■ Information ■
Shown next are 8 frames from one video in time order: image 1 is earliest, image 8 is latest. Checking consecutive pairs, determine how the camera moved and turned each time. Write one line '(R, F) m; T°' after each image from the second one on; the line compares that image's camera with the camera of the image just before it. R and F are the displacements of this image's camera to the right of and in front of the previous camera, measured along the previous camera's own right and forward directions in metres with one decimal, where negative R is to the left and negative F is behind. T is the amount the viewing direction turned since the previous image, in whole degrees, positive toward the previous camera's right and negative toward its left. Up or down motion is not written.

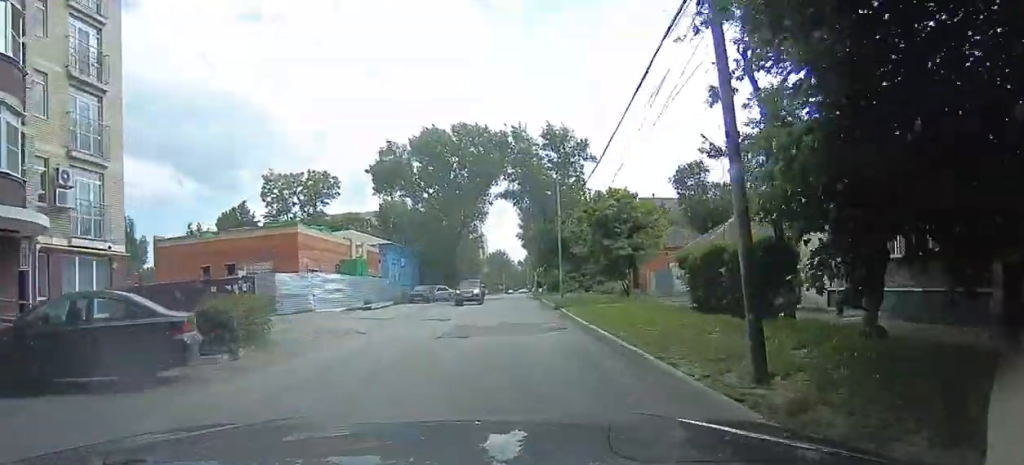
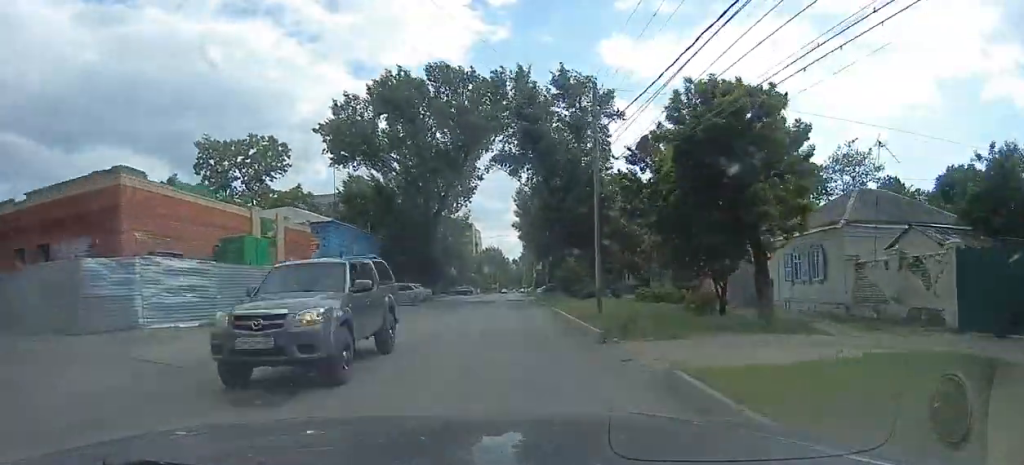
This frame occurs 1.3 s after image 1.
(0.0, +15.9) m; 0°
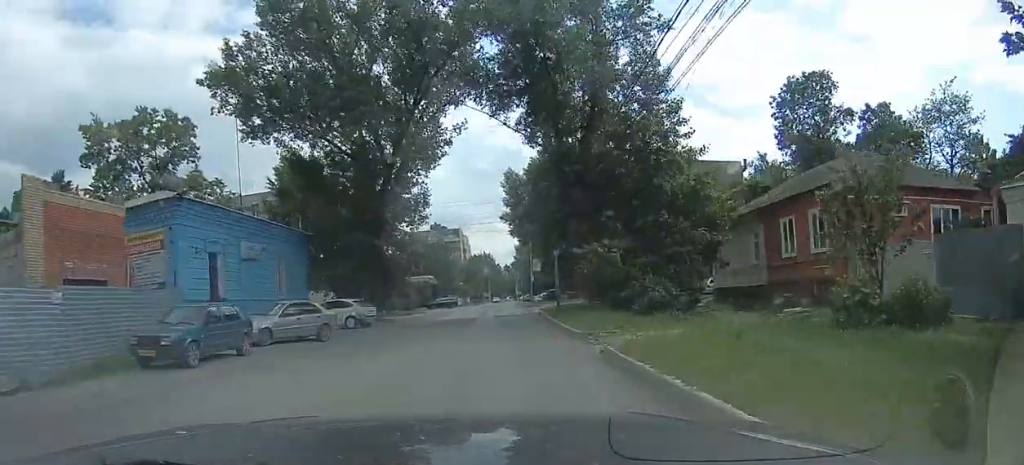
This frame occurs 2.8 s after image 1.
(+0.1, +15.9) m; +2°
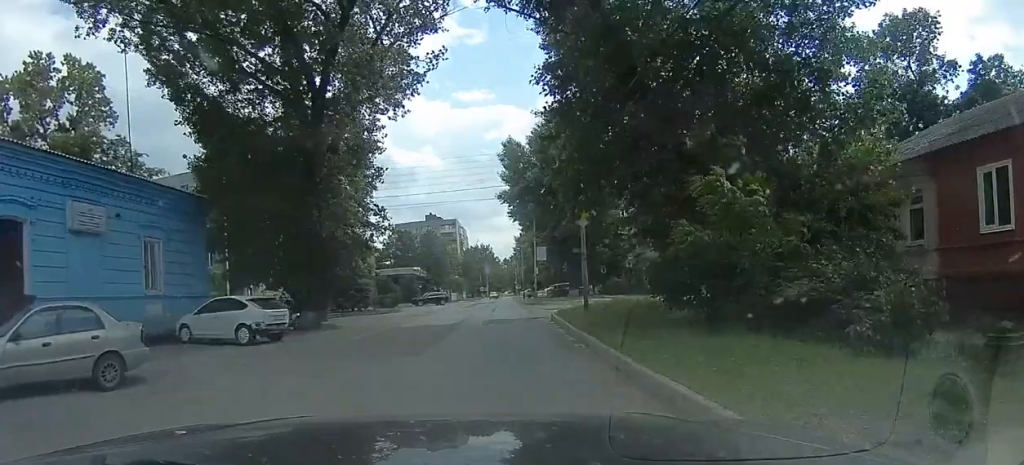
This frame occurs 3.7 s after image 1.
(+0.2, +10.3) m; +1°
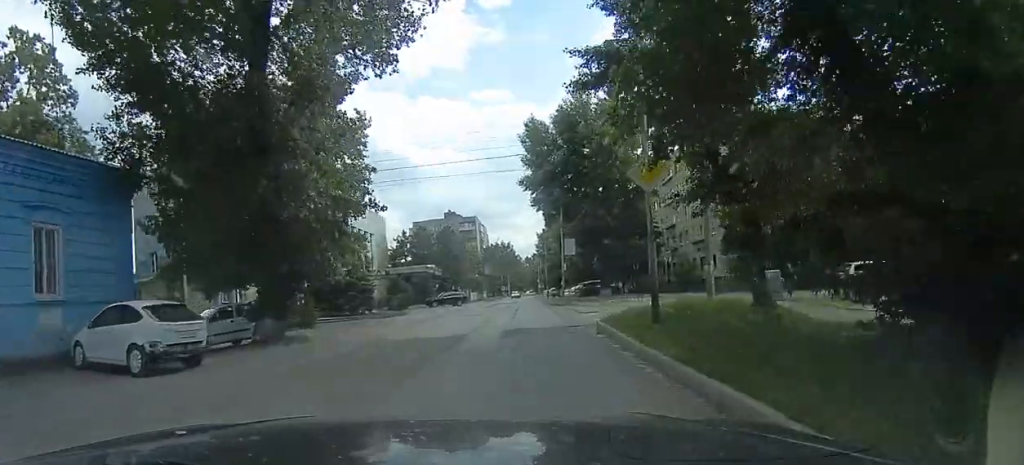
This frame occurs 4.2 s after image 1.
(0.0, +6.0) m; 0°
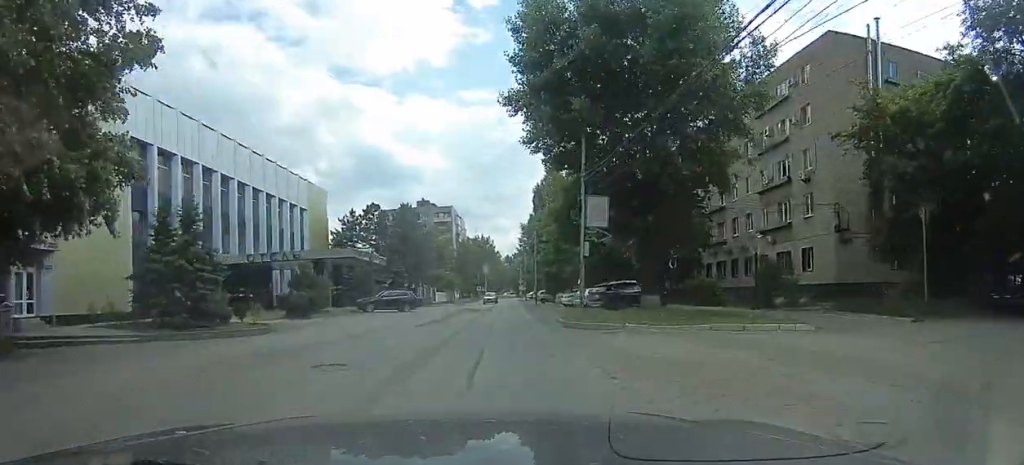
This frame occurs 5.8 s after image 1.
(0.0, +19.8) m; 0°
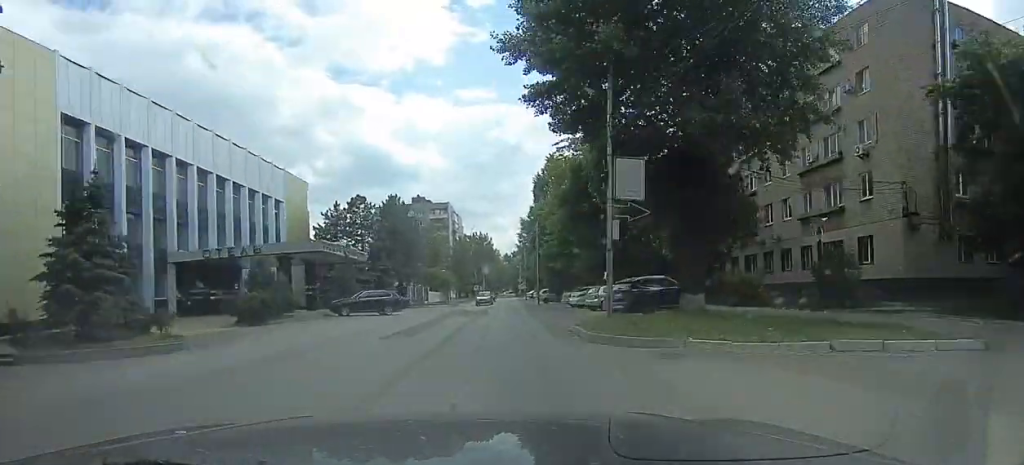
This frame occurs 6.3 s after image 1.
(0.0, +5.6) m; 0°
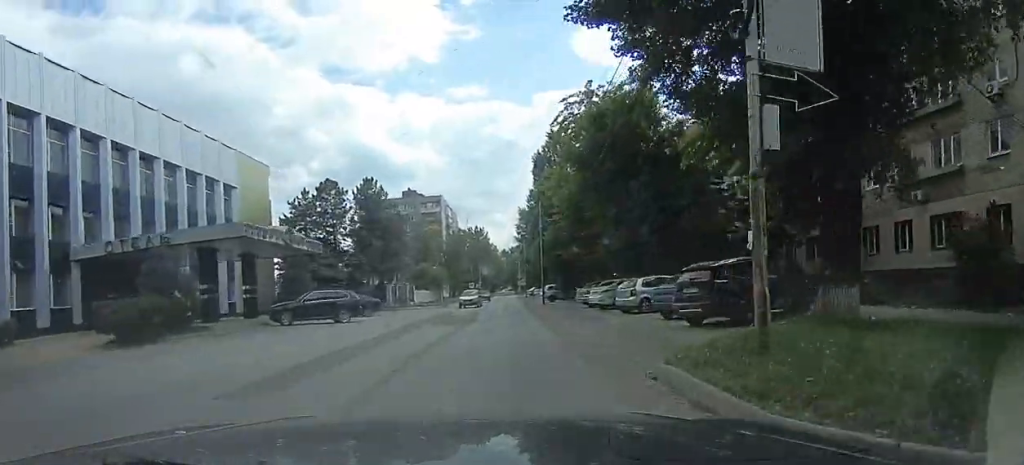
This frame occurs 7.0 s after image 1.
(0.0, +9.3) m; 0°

■ Work required ■
Copy each entry exactly as written. Pictures do not belong in the copy.

■ Answer section ■
Shown next are 8 frames from one video in time order: image 1 is earliest, image 8 is latest. Checking consecutive pairs, determine how the camera moved and turned each time. Write one line '(R, F) m; T°' after each image from the second one on; the line compares that image's camera with the camera of the image just before it. R and F are the displacements of this image's camera to the right of and in front of the previous camera, measured along the previous camera's own right and forward directions in metres with one decimal, where negative R is to the left and negative F is behind. T is the amount the viewing direction turned since the previous image, in whole degrees, positive toward the previous camera's right and negative toward its left. Up or down motion is not written.

This frame occurs 1.3 s after image 1.
(0.0, +15.9) m; 0°
This frame occurs 2.8 s after image 1.
(+0.1, +15.9) m; +2°
This frame occurs 3.7 s after image 1.
(+0.2, +10.3) m; +1°
This frame occurs 4.2 s after image 1.
(0.0, +6.0) m; 0°
This frame occurs 5.8 s after image 1.
(0.0, +19.8) m; 0°
This frame occurs 6.3 s after image 1.
(0.0, +5.6) m; 0°
This frame occurs 7.0 s after image 1.
(0.0, +9.3) m; 0°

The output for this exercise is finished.